Each cohort was to be enrolled in 2 stages. In the first stage, 15 subjects were to be accrued in Cohort 1 and 12 subjects in Cohort 2. If ≥ 3 subjects met the primary endpoint in Cohort 1, then an additional 13 subjects were to be accrued in the second stage. If ≤ 2 subjects met the primary endpoint in Cohort 1, then the study was to be terminated and declared negative for Cohort 1. If ≥ 1 subject met the primary endpoint in Cohort 2, then an additional 4 subjects were to be accrued in the second stage. If no subjects met the primary endpoint in Cohort 2, then the study was to be terminated and declared negative. Additionally, if at any time a death or two grade 4 adverse events (AEs) that were definitely related or probably related to the study drug occurred, then the study was to be stopped.

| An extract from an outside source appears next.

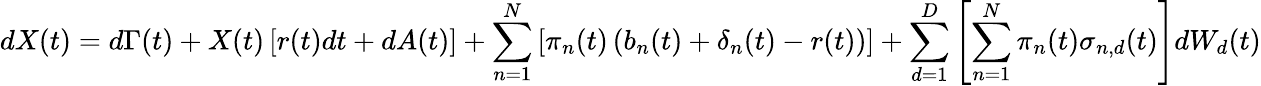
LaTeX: dX(t)=d\Gamma(t)+X(t)\left[r(t)dt+dA(t)\right]+\sum_{n=1}^{N}\left[\pi_{n}(t)\left(b_{n}(t)+\delta_{n}(t)-r(t)\right)\right]+\sum_{d=1}^{D}\left[\sum_{n=1}^{N}\pi_{n}(t)\sigma_{n,d}(t)\right]dW_{d}(t)

Subjects must have had histologically documented SCLC
Assigned to one of two cohorts based on the following characteristics: Cohort 1: "Sensitive" disease subjects who had 1 previous line of chemotherapy and maintained an appropriate response for 90 days or more; or Cohort 2: "Refractory" disease subjects, who had (a) 1 previous line of chemotherapy and either had no response or progressed in less than 90 days after completing treatment or (b) any subject ("sensitive" or "refractory") in need of third-line therapy, i.e., who completed or failed 2 previous lines of chemotherapy
Measurable disease using RECIST version 1.1
Argininosuccinate synthetase (ASS) tumor expression was either negative or < 5% + tumor cells by immunohistochemistry analysis
Eastern Cooperative Oncology Group (ECOG) performance score of 0 to 2
Laboratory parameters for vital functions in the normal range. Laboratory abnormalities that were not clinically significant were generally permitted, except for the following laboratory parameters, which were to be within the ranges specified:
Neutrophil count: ≥ 1.5 x 10^9/L
Lymphocyte count: ≥ 0.5 x 10^9/L
Platelet count: ≥ 50 x 10^9/L
Serum creatinine: ≤ 1.5 x upper limit of normal (ULN) (or creatinine clearance ≥ 60 mL/min)
Serum bilirubin: ≤ 2 mg/dL (or ≤ 34 µmol/L)
Serum uric acid: ≤ 8 mg/dL (or ≤ 0.48 mmol/L)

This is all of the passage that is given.